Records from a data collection
◇ ◇ ◇ ◇ ◇

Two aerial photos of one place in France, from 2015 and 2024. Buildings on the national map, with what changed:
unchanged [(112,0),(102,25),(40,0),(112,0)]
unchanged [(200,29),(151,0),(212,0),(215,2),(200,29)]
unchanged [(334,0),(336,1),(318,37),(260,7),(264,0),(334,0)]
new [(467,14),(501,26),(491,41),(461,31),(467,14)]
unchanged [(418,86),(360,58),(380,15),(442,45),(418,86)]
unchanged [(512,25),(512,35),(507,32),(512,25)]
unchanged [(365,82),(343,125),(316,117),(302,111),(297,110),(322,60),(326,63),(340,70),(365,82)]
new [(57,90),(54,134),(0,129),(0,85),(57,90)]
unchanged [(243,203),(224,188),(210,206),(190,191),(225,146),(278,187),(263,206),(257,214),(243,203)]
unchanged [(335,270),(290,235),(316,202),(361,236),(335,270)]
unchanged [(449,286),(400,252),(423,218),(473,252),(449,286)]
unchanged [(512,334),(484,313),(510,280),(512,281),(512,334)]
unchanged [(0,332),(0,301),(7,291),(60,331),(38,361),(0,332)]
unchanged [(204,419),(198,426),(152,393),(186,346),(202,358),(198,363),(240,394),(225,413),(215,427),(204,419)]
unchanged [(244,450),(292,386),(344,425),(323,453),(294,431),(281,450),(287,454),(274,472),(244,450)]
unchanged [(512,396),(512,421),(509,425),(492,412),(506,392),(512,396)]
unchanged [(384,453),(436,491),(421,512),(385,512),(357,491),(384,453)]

◇ ◇ ◇ ◇ ◇

EXERCISE PROMPT
Whatever appears in the lines above should be copied exactly.

REPLY TO THE TASK
Two aerial photos of one place in France, from 2015 and 2024. Buildings on the national map, with what changed:
unchanged [(112,0),(102,25),(40,0),(112,0)]
unchanged [(200,29),(151,0),(212,0),(215,2),(200,29)]
unchanged [(334,0),(336,1),(318,37),(260,7),(264,0),(334,0)]
new [(467,14),(501,26),(491,41),(461,31),(467,14)]
unchanged [(418,86),(360,58),(380,15),(442,45),(418,86)]
unchanged [(512,25),(512,35),(507,32),(512,25)]
unchanged [(365,82),(343,125),(316,117),(302,111),(297,110),(322,60),(326,63),(340,70),(365,82)]
new [(57,90),(54,134),(0,129),(0,85),(57,90)]
unchanged [(243,203),(224,188),(210,206),(190,191),(225,146),(278,187),(263,206),(257,214),(243,203)]
unchanged [(335,270),(290,235),(316,202),(361,236),(335,270)]
unchanged [(449,286),(400,252),(423,218),(473,252),(449,286)]
unchanged [(512,334),(484,313),(510,280),(512,281),(512,334)]
unchanged [(0,332),(0,301),(7,291),(60,331),(38,361),(0,332)]
unchanged [(204,419),(198,426),(152,393),(186,346),(202,358),(198,363),(240,394),(225,413),(215,427),(204,419)]
unchanged [(244,450),(292,386),(344,425),(323,453),(294,431),(281,450),(287,454),(274,472),(244,450)]
unchanged [(512,396),(512,421),(509,425),(492,412),(506,392),(512,396)]
unchanged [(384,453),(436,491),(421,512),(385,512),(357,491),(384,453)]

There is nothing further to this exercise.